화학공학소재연구정보센터
Bioresource Technology, Vol.47, No.1, 1-18, 1994
ANAEROBIC TREATMENT IN PULP AND PAPER-MILL WASTE MANAGEMENT - A REVIEW
The pulp- and paper-industry generates large volumes of highly heterogenous wastewaters containing compounds from wood or other raw material, process chemicals and compounds formed during processing. The wastewaters from mechanical pulping and secondary fiber pulping as well as the condensates from chemical and semi-chemical pulping are typically non-toxic to methanogenic degradation and contain easily degradable organic compounds. Consequently, anaerobic digestion is an attractive treatment alternative for these effluents. In addition, both primary and secondary sludges from pulp- and paper-industry wastewater treatment-plants are amenable to anaerobic digestion.
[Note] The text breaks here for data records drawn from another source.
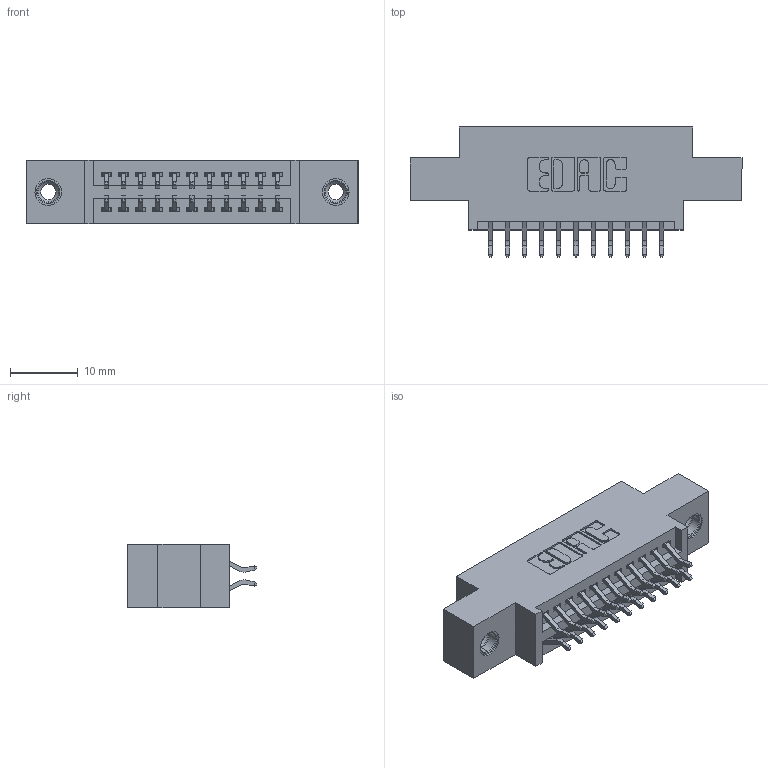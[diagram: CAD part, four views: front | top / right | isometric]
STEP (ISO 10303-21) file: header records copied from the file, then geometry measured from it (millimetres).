
FILE_DESCRIPTION (( 'STEP AP203' ), '1' );
FILE_NAME ('395-022-556-808.STEP', '2019-10-16T15:28:14', ( '' ), ( '' ), 'SwSTEP 2.0', 'SolidWorks 2016', '' );
FILE_SCHEMA (( 'CONFIG_CONTROL_DESIGN' ));
Length unit declared in the file: inch
Products named in the file (4): 345 Part_0.170 Offset - 0.156 Dia-TI; 345-292-001_556 Tail; 345-250-001_345-250-003-102; 395-022-556-808
Assembly tree (25 placements, depth 2):
  395-022-556-808
    345 Part_0.170 Offset - 0.156 Dia-TI
    345-292-001_556 Tail  x22
    345-250-001_345-250-003-102  x2
Bounding box: 49.15 x 19.24 x 9.4 mm (x, y, z)
Volume: 4365.9 mm3; surface area: 5990.7 mm2
Topology: 25 solids, 25 shells, 1422 faces, 4163 edges, 2738 vertices
Faces by surface type: plane 930, cylinder 476, cone 12, torus 4
Entity records: 14342 total; most frequent: CARTESIAN_POINT 2431, ORIENTED_EDGE 2346, DIRECTION 2195, EDGE_CURVE 1173, VECTOR 969, LINE 969, VERTEX_POINT 776, AXIS2_PLACEMENT_3D 613

In contrast, the bleaching effluents from chemical pulping, the debarking effluents as well as the CTMP effluents are likely to be inhibitory to methanogenic degradation; also their biodegrability is relatively low. Dilution with other wastewater streams or detoxification by various pretreatments have been used to facilitate anaerobic treatment of these inhibitory wastewaters. The potential of the anaerobic systems for reductive dechlorination and sulfur recovery is unique and of great interest. In almost all pulp- and paper-industry full-scale applications, anaerobic treatment is followed by aerobic post-treatment. The suitability and the cost of the anaerobic-aerobic and aerobic treatment-systems are largely affected by a variety of mill-specific factors.